Error ------------------

INFO 20:34:23,569 HelpFormatter - --------------------------------------------------------------------------------
INFO 20:34:23,571 HelpFormatter - The Genome Analysis Toolkit (GATK) v2.5-2-g5671483, Compiled 2013/08/22 15:09:27
INFO 20:34:23,571 HelpFormatter - Copyright (c) 2010 The Broad Institute
INFO 20:34:23,572 HelpFormatter - For support and documentation go to http://www.broadinstitute.org/gatk
INFO 20:34:23,578 HelpFormatter - Program Args: -T ComputeReadDepthCoverageWalker -R ./resources/gatk/GRCh38/GRCh38.fa -O samp1.recal.depth.txt -disableGATKTraversal true -md drmaa_test/metadata -ploidyMapFile ./resources/gatk/GRCh38/svtoolkit /humgen_g1k_v38_ploidy.map -genomeMaskFile ./resources/gatk/GRCh38/svtoolkit/GRCh38.mask.100.fasta -minMapQ 10 -insertSizeRadius 10.0
INFO 20:34:23,578 HelpFormatter - Date/Time: 2014/11/12 20:34:23
INFO 20:34:23,578 HelpFormatter - --------------------------------------------------------------------------------
INFO 20:34:23,578 HelpFormatter - --------------------------------------------------------------------------------
INFO 20:34:23,679 GenomeAnalysisEngine - Strictness is SILENT
INFO 20:34:23,996 GenomeAnalysisEngine - Downsampling Settings: No downsampling
INFO 20:34:24,104 GenomeAnalysisEngine - Creating shard strategy for 0 BAM files
INFO 20:34:24,184 GenomeAnalysisEngine - Done creating shard strategy
INFO 20:34:24,184 ProgressMeter - [INITIALIZATION COMPLETE; STARTING PROCESSING]

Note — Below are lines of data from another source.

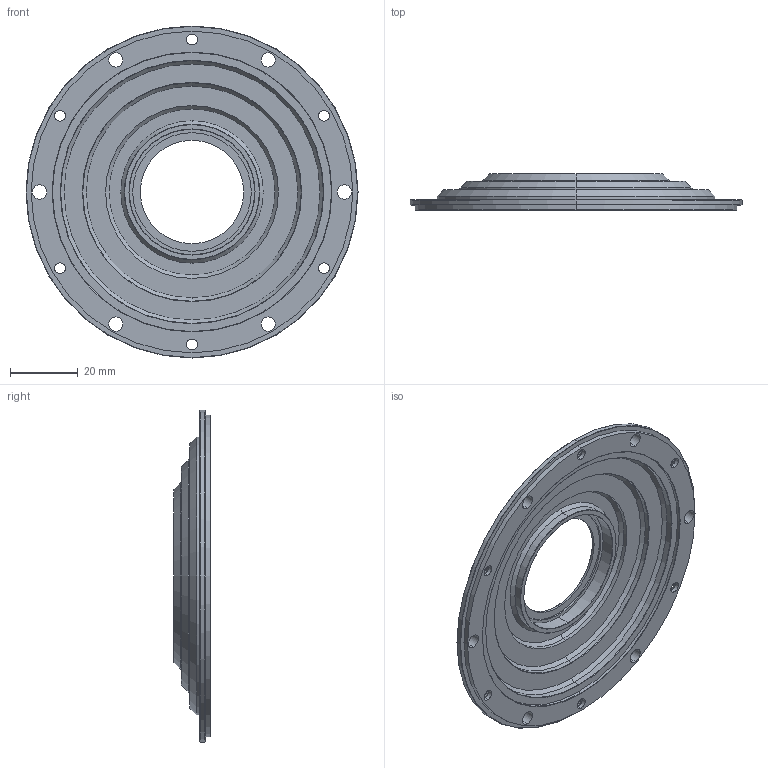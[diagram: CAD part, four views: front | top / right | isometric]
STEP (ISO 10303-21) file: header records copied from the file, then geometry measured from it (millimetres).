
FILE_DESCRIPTION (( 'STEP AP214' ), '1' );
FILE_NAME ('DY 8116 狟裔20231219.STEP', '2023-12-19T15:21:43', ( '' ), ( '' ), 'SwSTEP 2.0', 'SolidWorks 2021', '' );
FILE_SCHEMA (( 'AUTOMOTIVE_DESIGN' ));
Length unit declared in the file: millimetre
Products named in the file (1): DY 8116 狟裔20231219
Bounding box: 98 x 10.7 x 98 mm (x, y, z)
Volume: 17392.3 mm3; surface area: 17919.4 mm2
Topology: 1 solids, 1 shells, 285 faces, 696 edges, 442 vertices
Faces by surface type: plane 98, bspline 71, cylinder 62, cone 54
Entity records: 12264 total; most frequent: CARTESIAN_POINT 5831, ORIENTED_EDGE 1392, DIRECTION 1150, EDGE_CURVE 696, VERTEX_POINT 442, VECTOR 388, LINE 388, AXIS2_PLACEMENT_3D 381
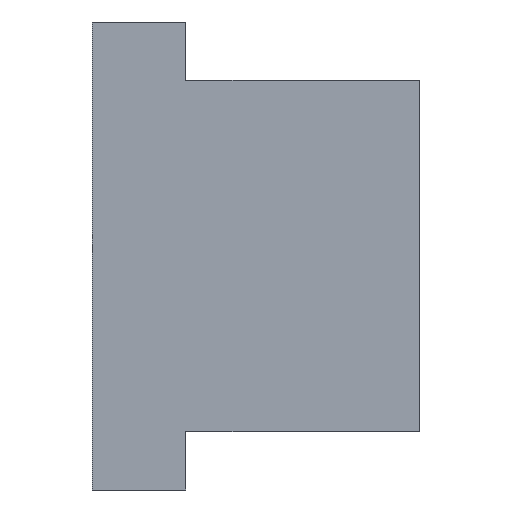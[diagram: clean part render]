
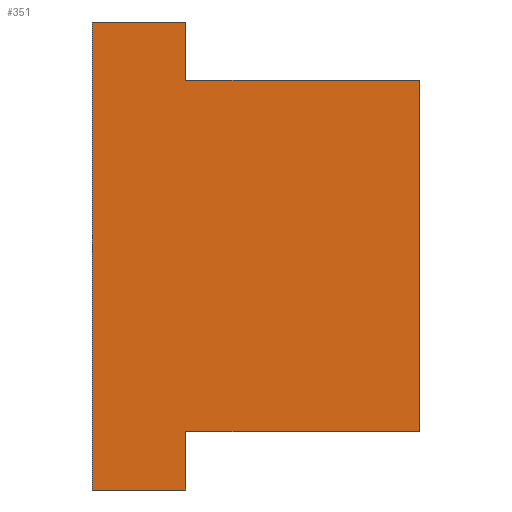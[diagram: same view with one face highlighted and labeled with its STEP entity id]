
A CAD part, left-side view. The second image highlights one B-rep face of the part: STEP entity #351.
In plain terms, the highlighted planar face has unit normal (-1, 0, 0).
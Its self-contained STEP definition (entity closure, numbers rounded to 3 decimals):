
#1 = CARTESIAN_POINT ( 'NONE',  ( 0., -20., -5. ) ) ;
#10 = CARTESIAN_POINT ( 'NONE',  ( 0., 0., -40. ) ) ;
#14 = CARTESIAN_POINT ( 'NONE',  ( 0., 8., 0. ) ) ;
#19 = CARTESIAN_POINT ( 'NONE',  ( 0., 8., 0. ) ) ;
#34 = VECTOR ( 'NONE', #97, 1000. ) ;
#47 = LINE ( 'NONE', #14, #489 ) ;
#50 = DIRECTION ( 'NONE',  ( 0., -1., 0. ) ) ;
#65 = CARTESIAN_POINT ( 'NONE',  ( 0., 8., 0. ) ) ;
#71 = DIRECTION ( 'NONE',  ( 0., 0., 1. ) ) ;
#76 = ORIENTED_EDGE ( 'NONE', *, *, #427, .T. ) ;
#79 = CARTESIAN_POINT ( 'NONE',  ( 0., 0., 0. ) ) ;
#82 = VERTEX_POINT ( 'NONE', #1 ) ;
#92 = LINE ( 'NONE', #79, #434 ) ;
#95 = AXIS2_PLACEMENT_3D ( 'NONE', #305, #447, #490 ) ;
#97 = DIRECTION ( 'NONE',  ( 0., -1., 0. ) ) ;
#109 = EDGE_CURVE ( 'NONE', #153, #304, #92, .T. ) ;
#129 = PLANE ( 'NONE',  #95 ) ;
#131 = CARTESIAN_POINT ( 'NONE',  ( 0., -20., -5. ) ) ;
#133 = LINE ( 'NONE', #374, #34 ) ;
#136 = ORIENTED_EDGE ( 'NONE', *, *, #268, .F. ) ;
#137 = ORIENTED_EDGE ( 'NONE', *, *, #395, .F. ) ;
#140 = CARTESIAN_POINT ( 'NONE',  ( 0., -20., -35. ) ) ;
#142 = ORIENTED_EDGE ( 'NONE', *, *, #322, .F. ) ;
#145 = LINE ( 'NONE', #131, #446 ) ;
#152 = VERTEX_POINT ( 'NONE', #159 ) ;
#153 = VERTEX_POINT ( 'NONE', #10 ) ;
#159 = CARTESIAN_POINT ( 'NONE',  ( 0., 0., -5. ) ) ;
#161 = DIRECTION ( 'NONE',  ( 0., 0., -1. ) ) ;
#166 = ORIENTED_EDGE ( 'NONE', *, *, #265, .T. ) ;
#176 = ORIENTED_EDGE ( 'NONE', *, *, #298, .F. ) ;
#185 = LINE ( 'NONE', #285, #399 ) ;
#199 = EDGE_LOOP ( 'NONE', ( #209, #137, #142, #166, #76, #176, #136, #474 ) ) ;
#209 = ORIENTED_EDGE ( 'NONE', *, *, #109, .T. ) ;
#235 = VECTOR ( 'NONE', #486, 1000. ) ;
#265 = EDGE_CURVE ( 'NONE', #82, #152, #145, .T. ) ;
#268 = EDGE_CURVE ( 'NONE', #437, #467, #47, .T. ) ;
#285 = CARTESIAN_POINT ( 'NONE',  ( 0., -20., -5. ) ) ;
#298 = EDGE_CURVE ( 'NONE', #467, #341, #466, .T. ) ;
#304 = VERTEX_POINT ( 'NONE', #481 ) ;
#305 = CARTESIAN_POINT ( 'NONE',  ( 0., 8., 0. ) ) ;
#322 = EDGE_CURVE ( 'NONE', #82, #359, #185, .T. ) ;
#337 = VECTOR ( 'NONE', #71, 1000. ) ;
#341 = VERTEX_POINT ( 'NONE', #367 ) ;
#351 = ADVANCED_FACE ( 'NONE', ( #493 ), #129, .F. ) ;
#359 = VERTEX_POINT ( 'NONE', #140 ) ;
#367 = CARTESIAN_POINT ( 'NONE',  ( 0., 0., 0. ) ) ;
#372 = DIRECTION ( 'NONE',  ( 0., 1., 0. ) ) ;
#374 = CARTESIAN_POINT ( 'NONE',  ( 0., 8., -40. ) ) ;
#376 = CARTESIAN_POINT ( 'NONE',  ( 0., 0., 0. ) ) ;
#385 = VECTOR ( 'NONE', #50, 1000. ) ;
#389 = DIRECTION ( 'NONE',  ( 0., 0., 1. ) ) ;
#395 = EDGE_CURVE ( 'NONE', #359, #304, #470, .T. ) ;
#399 = VECTOR ( 'NONE', #161, 1000. ) ;
#403 = EDGE_CURVE ( 'NONE', #437, #153, #133, .T. ) ;
#404 = DIRECTION ( 'NONE',  ( 0., 0., 1. ) ) ;
#427 = EDGE_CURVE ( 'NONE', #152, #341, #487, .T. ) ;
#434 = VECTOR ( 'NONE', #389, 1000. ) ;
#437 = VERTEX_POINT ( 'NONE', #488 ) ;
#446 = VECTOR ( 'NONE', #372, 1000. ) ;
#447 = DIRECTION ( 'NONE',  ( 1., 0., 0. ) ) ;
#451 = CARTESIAN_POINT ( 'NONE',  ( 0., -20., -35. ) ) ;
#466 = LINE ( 'NONE', #19, #385 ) ;
#467 = VERTEX_POINT ( 'NONE', #65 ) ;
#470 = LINE ( 'NONE', #451, #235 ) ;
#474 = ORIENTED_EDGE ( 'NONE', *, *, #403, .T. ) ;
#481 = CARTESIAN_POINT ( 'NONE',  ( 0., 0., -35. ) ) ;
#486 = DIRECTION ( 'NONE',  ( 0., 1., 0. ) ) ;
#487 = LINE ( 'NONE', #376, #337 ) ;
#488 = CARTESIAN_POINT ( 'NONE',  ( 0., 8., -40. ) ) ;
#489 = VECTOR ( 'NONE', #404, 1000. ) ;
#490 = DIRECTION ( 'NONE',  ( 0., 0., -1. ) ) ;
#493 = FACE_OUTER_BOUND ( 'NONE', #199, .T. ) ;
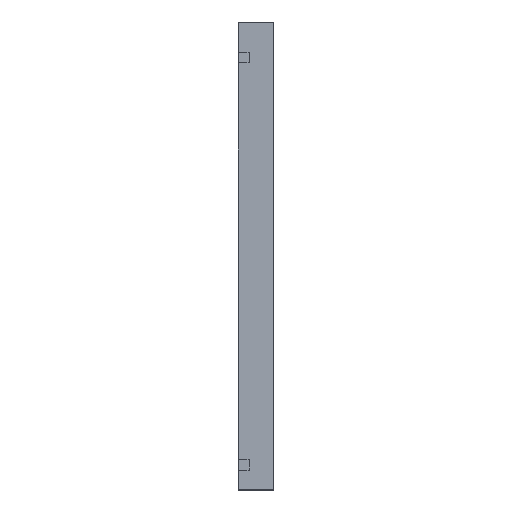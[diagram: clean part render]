
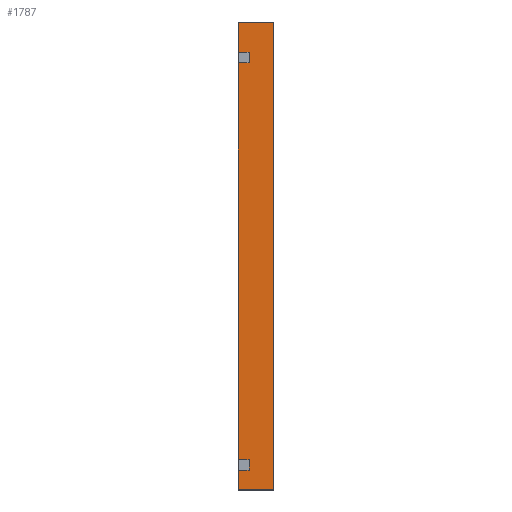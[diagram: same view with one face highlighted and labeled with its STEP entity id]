
A CAD part, top view. The second image highlights one B-rep face of the part: STEP entity #1787.
In plain terms, the highlighted planar face has unit normal (0, 0, 1).
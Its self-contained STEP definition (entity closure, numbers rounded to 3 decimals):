
#338 = VERTEX_POINT('',#339);
#339 = CARTESIAN_POINT('',(157.,0.,178.));
#345 = EDGE_CURVE('',#346,#338,#348,.T.);
#346 = VERTEX_POINT('',#347);
#347 = CARTESIAN_POINT('',(157.,6.95,178.));
#348 = LINE('',#349,#350);
#349 = CARTESIAN_POINT('',(157.,170.,178.));
#350 = VECTOR('',#351,1.);
#351 = DIRECTION('',(0.,-1.,0.));
#386 = VERTEX_POINT('',#387);
#387 = CARTESIAN_POINT('',(157.,10.739,178.));
#393 = EDGE_CURVE('',#394,#386,#396,.T.);
#394 = VERTEX_POINT('',#395);
#395 = CARTESIAN_POINT('',(157.,155.15,178.));
#396 = LINE('',#397,#398);
#397 = CARTESIAN_POINT('',(157.,170.,178.));
#398 = VECTOR('',#399,1.);
#399 = DIRECTION('',(0.,-1.,0.));
#434 = VERTEX_POINT('',#435);
#435 = CARTESIAN_POINT('',(157.,158.939,178.));
#441 = EDGE_CURVE('',#442,#434,#444,.T.);
#442 = VERTEX_POINT('',#443);
#443 = CARTESIAN_POINT('',(157.,170.,178.));
#444 = LINE('',#445,#446);
#445 = CARTESIAN_POINT('',(157.,170.,178.));
#446 = VECTOR('',#447,1.);
#447 = DIRECTION('',(0.,-1.,0.));
#1167 = VERTEX_POINT('',#1168);
#1168 = CARTESIAN_POINT('',(170.,170.,178.));
#1174 = EDGE_CURVE('',#1167,#1175,#1177,.T.);
#1175 = VERTEX_POINT('',#1176);
#1176 = CARTESIAN_POINT('',(170.,0.,178.));
#1177 = LINE('',#1178,#1179);
#1178 = CARTESIAN_POINT('',(170.,170.,178.));
#1179 = VECTOR('',#1180,1.);
#1180 = DIRECTION('',(0.,-1.,0.));
#1731 = EDGE_CURVE('',#442,#1167,#1732,.T.);
#1732 = LINE('',#1733,#1734);
#1733 = CARTESIAN_POINT('',(157.,170.,178.));
#1734 = VECTOR('',#1735,1.);
#1735 = DIRECTION('',(1.,0.,0.));
#1787 = ADVANCED_FACE('',(#1788),#1845,.T.);
#1788 = FACE_BOUND('',#1789,.T.);
#1789 = EDGE_LOOP('',(#1790,#1791,#1792,#1800,#1808,#1814,#1815,#1823,
    #1831,#1837,#1838,#1844));
#1790 = ORIENTED_EDGE('',*,*,#1731,.F.);
#1791 = ORIENTED_EDGE('',*,*,#441,.T.);
#1792 = ORIENTED_EDGE('',*,*,#1793,.F.);
#1793 = EDGE_CURVE('',#1794,#434,#1796,.T.);
#1794 = VERTEX_POINT('',#1795);
#1795 = CARTESIAN_POINT('',(161.,158.939,178.));
#1796 = LINE('',#1797,#1798);
#1797 = CARTESIAN_POINT('',(162.25,158.939,178.));
#1798 = VECTOR('',#1799,1.);
#1799 = DIRECTION('',(-1.,0.,0.));
#1800 = ORIENTED_EDGE('',*,*,#1801,.F.);
#1801 = EDGE_CURVE('',#1802,#1794,#1804,.T.);
#1802 = VERTEX_POINT('',#1803);
#1803 = CARTESIAN_POINT('',(161.,155.15,178.));
#1804 = LINE('',#1805,#1806);
#1805 = CARTESIAN_POINT('',(161.,121.022,178.));
#1806 = VECTOR('',#1807,1.);
#1807 = DIRECTION('',(0.,1.,0.));
#1808 = ORIENTED_EDGE('',*,*,#1809,.F.);
#1809 = EDGE_CURVE('',#394,#1802,#1810,.T.);
#1810 = LINE('',#1811,#1812);
#1811 = CARTESIAN_POINT('',(162.25,155.15,178.));
#1812 = VECTOR('',#1813,1.);
#1813 = DIRECTION('',(1.,0.,0.));
#1814 = ORIENTED_EDGE('',*,*,#393,.T.);
#1815 = ORIENTED_EDGE('',*,*,#1816,.F.);
#1816 = EDGE_CURVE('',#1817,#386,#1819,.T.);
#1817 = VERTEX_POINT('',#1818);
#1818 = CARTESIAN_POINT('',(161.,10.739,178.));
#1819 = LINE('',#1820,#1821);
#1820 = CARTESIAN_POINT('',(162.25,10.739,178.));
#1821 = VECTOR('',#1822,1.);
#1822 = DIRECTION('',(-1.,0.,0.));
#1823 = ORIENTED_EDGE('',*,*,#1824,.F.);
#1824 = EDGE_CURVE('',#1825,#1817,#1827,.T.);
#1825 = VERTEX_POINT('',#1826);
#1826 = CARTESIAN_POINT('',(161.,6.95,178.));
#1827 = LINE('',#1828,#1829);
#1828 = CARTESIAN_POINT('',(161.,46.922,178.));
#1829 = VECTOR('',#1830,1.);
#1830 = DIRECTION('',(0.,1.,0.));
#1831 = ORIENTED_EDGE('',*,*,#1832,.F.);
#1832 = EDGE_CURVE('',#346,#1825,#1833,.T.);
#1833 = LINE('',#1834,#1835);
#1834 = CARTESIAN_POINT('',(162.25,6.95,178.));
#1835 = VECTOR('',#1836,1.);
#1836 = DIRECTION('',(1.,0.,0.));
#1837 = ORIENTED_EDGE('',*,*,#345,.T.);
#1838 = ORIENTED_EDGE('',*,*,#1839,.T.);
#1839 = EDGE_CURVE('',#338,#1175,#1840,.T.);
#1840 = LINE('',#1841,#1842);
#1841 = CARTESIAN_POINT('',(159.,0.,178.));
#1842 = VECTOR('',#1843,1.);
#1843 = DIRECTION('',(1.,0.,0.));
#1844 = ORIENTED_EDGE('',*,*,#1174,.F.);
#1845 = PLANE('',#1846);
#1846 = AXIS2_PLACEMENT_3D('',#1847,#1848,#1849);
#1847 = CARTESIAN_POINT('',(163.5,85.,178.));
#1848 = DIRECTION('',(0.,0.,1.));
#1849 = DIRECTION('',(1.,0.,0.));
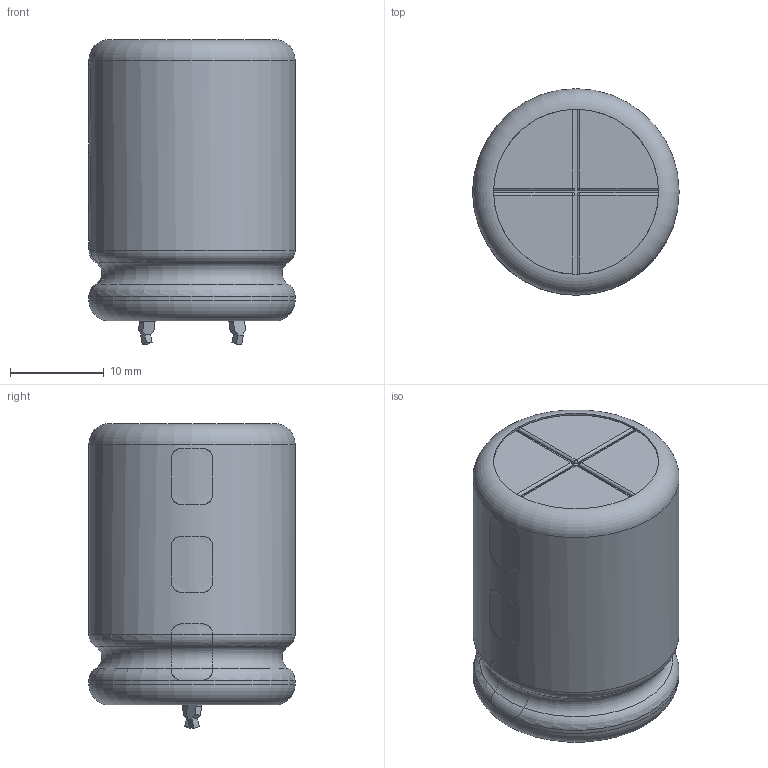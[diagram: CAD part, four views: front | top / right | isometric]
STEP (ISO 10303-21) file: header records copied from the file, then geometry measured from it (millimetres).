
FILE_DESCRIPTION(/* description */ (''),/* implementation_level */ '2;1');
FILE_NAME(/* name */ 'Cap TH D22.00mm H30.00mm L10.00mm.step',/* time_stamp */ '2020-05-30T03:06:20+02:00',/* author */ (''),/* organization */ (''),/* preprocessor_version */ 'ST-DEVELOPER v18.1',/* originating_system */ 'Autodesk Translation Framework v9.3.0.1241',/* authorisation */ '');
FILE_SCHEMA (('AUTOMOTIVE_DESIGN { 1 0 10303 214 3 1 1 }'));
Length unit declared in the file: millimetre
Products named in the file (1): Sample
Bounding box: 22 x 22 x 32.5 mm (x, y, z)
Volume: 10958.4 mm3; surface area: 2800 mm2
Topology: 1 solids, 1 shells, 119 faces, 315 edges, 202 vertices
Faces by surface type: plane 68, cylinder 39, torus 8, sphere 4
Full cylindrical faces by diameter (mm): 3.15 x2, 17.6 x2, 22 x2
Entity records: 4069 total; most frequent: CARTESIAN_POINT 1043, ORIENTED_EDGE 630, DIRECTION 586, EDGE_CURVE 315, VERTEX_POINT 202, LINE 196, VECTOR 196, AXIS2_PLACEMENT_3D 195

INFO 20:34:24,184 ProgressMeter - Location processed.reads runtime per.1M.reads completed total.runtime remaining
INFO 20:34:24,186 MetaData - Opening metadata ...
INFO 20:34:24,186 MetaData - Adding metadata directory drmaa_test/metadata ...
INFO 20:34:24,343 MetaData - Opened metadata.
#INFO: ReadCountAlgorithm: detected metadata version 1, forcing legacy behavior
INFO 20:34:26,526 MetaData - Loading insert size distributions ...
INFO 20:34:26,881 ComputeReadDepthCoverageWalker - Using genome mask ./resources/gatk/GRCh38/svtoolkit/GRCh38.mask.100.fasta
WARN 20:34:29,498 RestStorageService - Error Response: PUT '/GATK_Run_Reports /8hAP9b1KaAHyGPA4wBv6TLRp2lFOgSdc.report.xml.gz' -- ResponseCode: 403, ResponseStatus: Forbidden, Request Headers: [Content-Length: 814, Content-MD5: h0E4ckiYeugki8Q6nT/9RQ==, Content-Type: application/octet-stream, x-amz-meta-md5-hash: 8741387248987ae8248bc43a9d3ffd45, Date: Thu, 13 Nov 2014 04:34:28 GMT, Authorization: AWS AKIAIMHBU7X642TCHQ2A:JpdDFUyt67wkkCosce9QEUMuV3M=, User-Agent: JetS3t/0.8.1 (Linux/2.6.32-358.6.1.el6.x86_64; amd64; en; JVM 1.7.0_19), Host: s3.amazonaws.com, Expect: 100-continue], Response Headers: [x-amz-request-id: 353E7628C07E489E, x-amz-id-2: s2LdMKwfftQXGX3qj/omBuz+NhFfDygFlvoLBNU+XBHVPh5+xkM2QAVPTQMqCrYI, Content-Type: application/xml, Transfer-Encoding: chunked, Date: Thu, 13 Nov 2014 04:34:28 GMT, Connection: close, Server: AmazonS3]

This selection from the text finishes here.